Not bad for a white belt!


----------



## exile (Nov 12, 2006)

:rofl: Bloody hell, I always _knew_ there was more to it all than anyone was willing to tell me!!!


----------



## Xue Sheng (Nov 12, 2006)

DAMN!!!

I KNEW IT!!!! 

It's all in the wrist control.


----------



## terryl965 (Nov 12, 2006)

Wrist control is the key


----------



## Rich Parsons (Nov 12, 2006)

One must get control of the wrist even if they are a sleep in their own bed or in the trunk of your car restrained.  

Nice


----------



## searcher (Nov 12, 2006)

I would laugh, but after watching that I am officially to stupid to laugh.


----------



## bydand (Nov 13, 2006)

Oh that is good.  I need more wrist control.  Pretty good segways from one "situation" to the next as well.


----------



## charyuop (Nov 13, 2006)

What style was that? It somewhat reminds me of Gun Fu, but not sure...


----------



## shesulsa (Nov 13, 2006)

That was funny!


----------



## Lisa (Nov 13, 2006)

Its all about what you do AFTER you get wrist control!  That was hilarious.


----------



## morph4me (Nov 13, 2006)

I was particularly impressed by his pre-emptive self defense.


----------



## shesulsa (Nov 13, 2006)

morph4me said:


> I was particularly impressed by his pre-emptive self defense.

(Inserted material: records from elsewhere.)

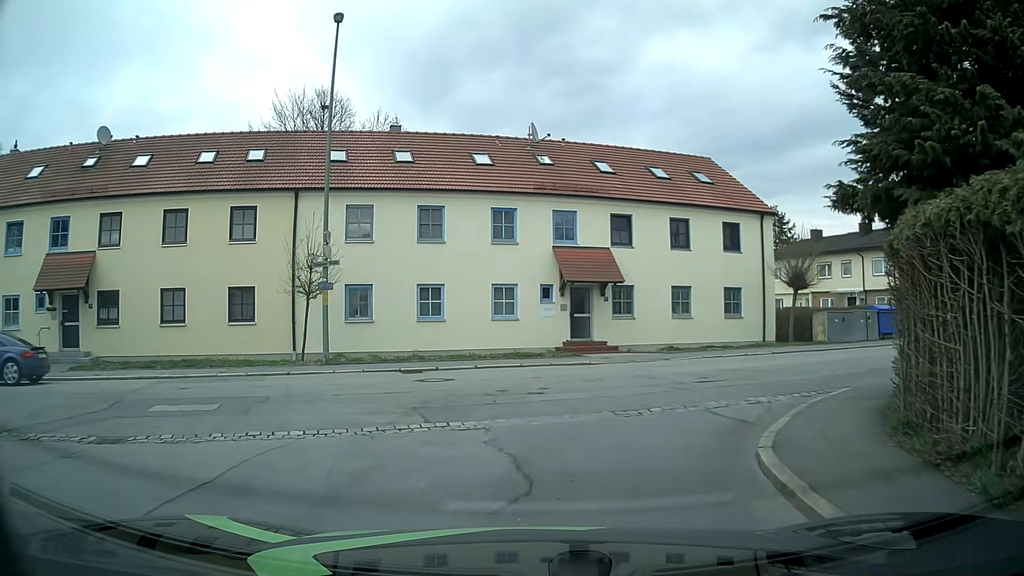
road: residential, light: Day
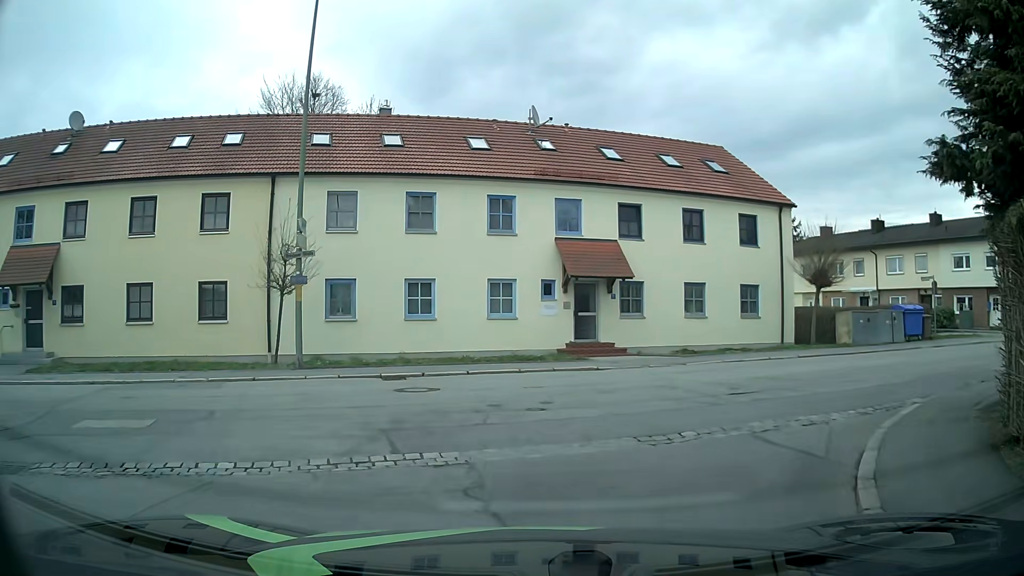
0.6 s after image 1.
(0.0, +2.1) m; -1°
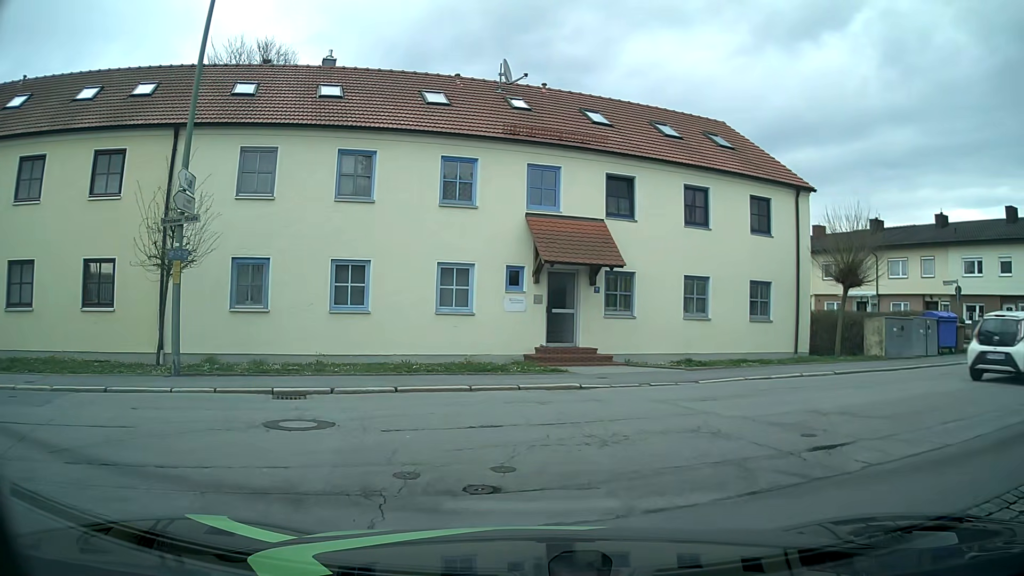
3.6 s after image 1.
(+0.1, +4.6) m; +2°

Yes!  "Your robber is sleeping in his bed. So you climb in through his window ..."


----------



## exile (Nov 13, 2006)

morph4me said:


> I was particularly impressed by his pre-emptive self defense.



It's the also the core idea of Llap-Goch, that secret lethal Welsh martial art thing I posted a link to a couple of weeks ago---clearly a case in which two great minds made the same fundamental discovery independently!


----------



## still learning (Nov 14, 2006)

Hello, Fighting back is always a "wrist",  do not "wrist" it.  

Using a gun is also a "wrist" of getting arrested for carrying.

Most people put there watches on the left "wrist" ? ..why...you may not want to find out?  ...there is a "wrist" to it!

When you "wrist" you neck for someone? ....expect them to take the "wrist" for you one day!

Nothing like taking "wrist" in life.  In the martial art world this can be  a "wrist" while training for reals.

I once "wrist" a hundred dollars bet for a superbowl game...yet I took a "wrist" and lost.  Never going "wrist" that again...well maybe this year might be better to take that "wrist"

"wrist controls will work most of the time...you will need to "wrist" it...practice hard, train hard !  it will be worth the "WRIST"!

R I S K ..............IS MY NAME?      .........Aloha


----------



## Nemesis (Dec 3, 2006)

"Step number one wrist control, step number two you pull out your gun!"

Excellent! Why didn't I think of that??


----------



## ArmorOfGod (Dec 3, 2006)

LOL
That was really funny.  I LOVED it!

AoG


----------



## Super_Noob (Dec 24, 2006)

His views are interesting and I wish to subscribe to his newsletter.

Or at least make him my new instructor :s


----------